The problem: Each line below that includes the word "style" is to be reported.
--- The data Enclosed Below ---
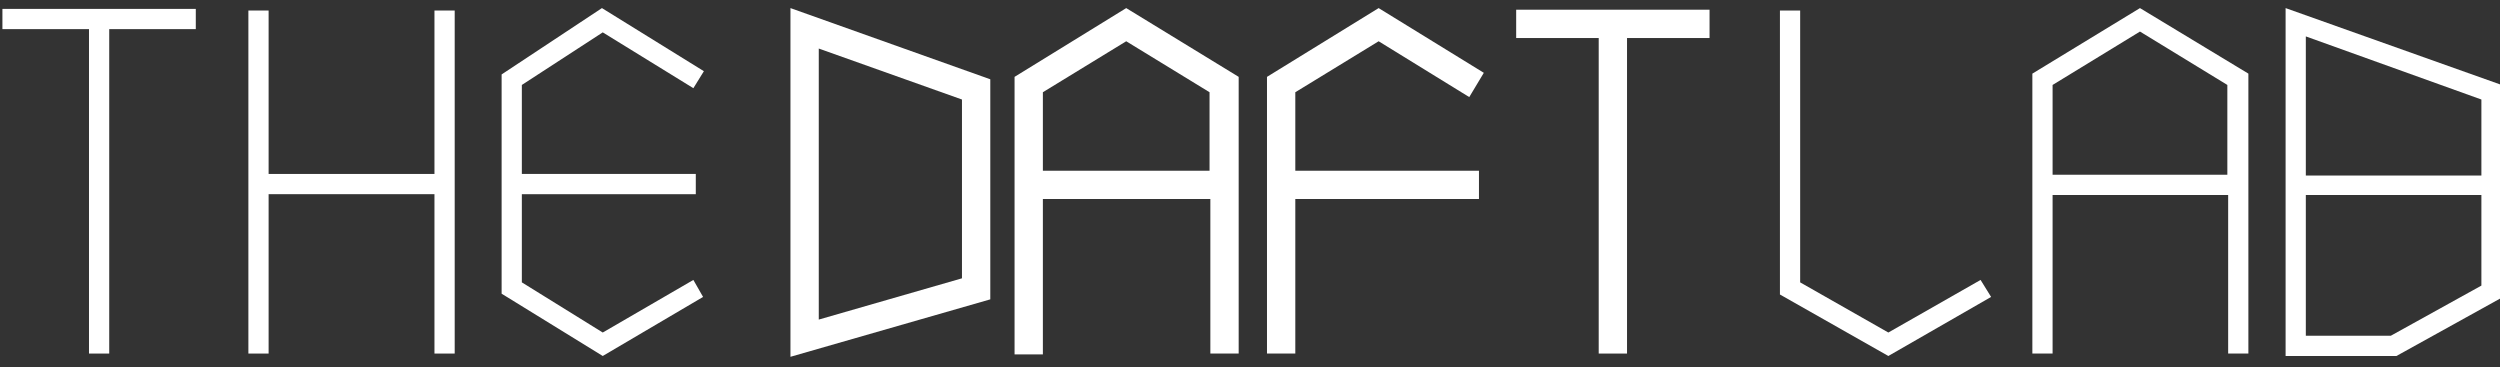 <?xml version="1.0" encoding="utf-8"?>
<!-- Generator: Adobe Illustrator 22.0.1, SVG Export Plug-In . SVG Version: 6.00 Build 0)  -->
<svg version="1.1" id="레이어_1" xmlns="http://www.w3.org/2000/svg" xmlns:xlink="http://www.w3.org/1999/xlink" x="0px"
	 y="0px" viewBox="0 0 309 45.4" style="enable-background:new 0 0 309 45.4;" xml:space="preserve">
<rect x="0" y="0" width="309" height="45.4" fill="#333333" stroke="none"/>
<style type="text/css">
	.st0{fill:#FFFFFF;}
</style>
<g>
	<polygon class="st0" points="0.3,3.6 11,3.6 11,43.7 13.5,43.7 13.5,3.6 24.2,3.6 24.2,1.1 0.3,1.1 	"/>
	<path class="st0" d="M97.7,44.1l24.7-7.1V9.8L97.7,1L97.7,44.1z M118.9,12.3v22.1l-17.7,5.1l0-33.5L118.9,12.3z"/>
	<polygon class="st0" points="156.6,9.5 156.6,43.7 160.1,43.7 160.1,24.6 182.8,24.6 182.8,21.1 160.1,21.1 160.1,11.4 170.4,5.1 
		181.6,12 183.4,9 170.4,1 	"/>
	<path class="st0" d="M125.4,9.5v34.3h3.5V24.6h20.7v19.1h3.5V9.5L139.2,1L125.4,9.5z M149.6,21.1h-20.7v-9.7l10.3-6.3l10.3,6.3
		V21.1z"/>
	<polygon class="st0" points="53.7,21.5 33.2,21.5 33.2,1.3 30.7,1.3 30.7,43.7 33.2,43.7 33.2,24 53.7,24 53.7,43.7 56.2,43.7 
		56.2,1.3 53.7,1.3 	"/>
	<polygon class="st0" points="74.5,4 85.7,10.9 87,8.8 74.4,1 62,9.2 62,36.3 74.5,44 86.9,36.7 85.7,34.6 74.5,41.1 64.5,34.9 
		64.5,24 86,24 86,21.5 64.5,21.5 64.5,10.5 	"/>
	<polygon class="st0" points="233.4,41.1 222.5,34.9 222.5,1.3 220,1.3 220,36.4 233.4,44 246.1,36.7 244.8,34.6 	"/>
	<path class="st0" d="M251.2,9.1v34.6h2.5V24.1h21.7v19.6h2.5V9.1L264.5,1L251.2,9.1z M275.4,21.6h-21.7V10.5l10.8-6.6l10.8,6.6
		V21.6z"/>
	<path class="st0" d="M282.5,1v43h13.7l13-7.2V10.5L282.5,1z M306.7,12.3v9.4H285V4.5L306.7,12.3z M295.5,41.5H285V24.1h21.7v11.2
		L295.5,41.5z"/>
	<polygon class="st0" points="187.4,4.7 197.6,4.7 197.6,43.7 201.1,43.7 201.1,4.7 211.3,4.7 211.3,1.2 187.4,1.2 	"/>
</g>
</svg>
--- End of Enclosed The data ---
Result of the exercise:
	 y="0px" viewBox="0 0 309 45.4" style="enable-background:new 0 0 309 45.4;" xml:space="preserve">
<style type="text/css">
</style>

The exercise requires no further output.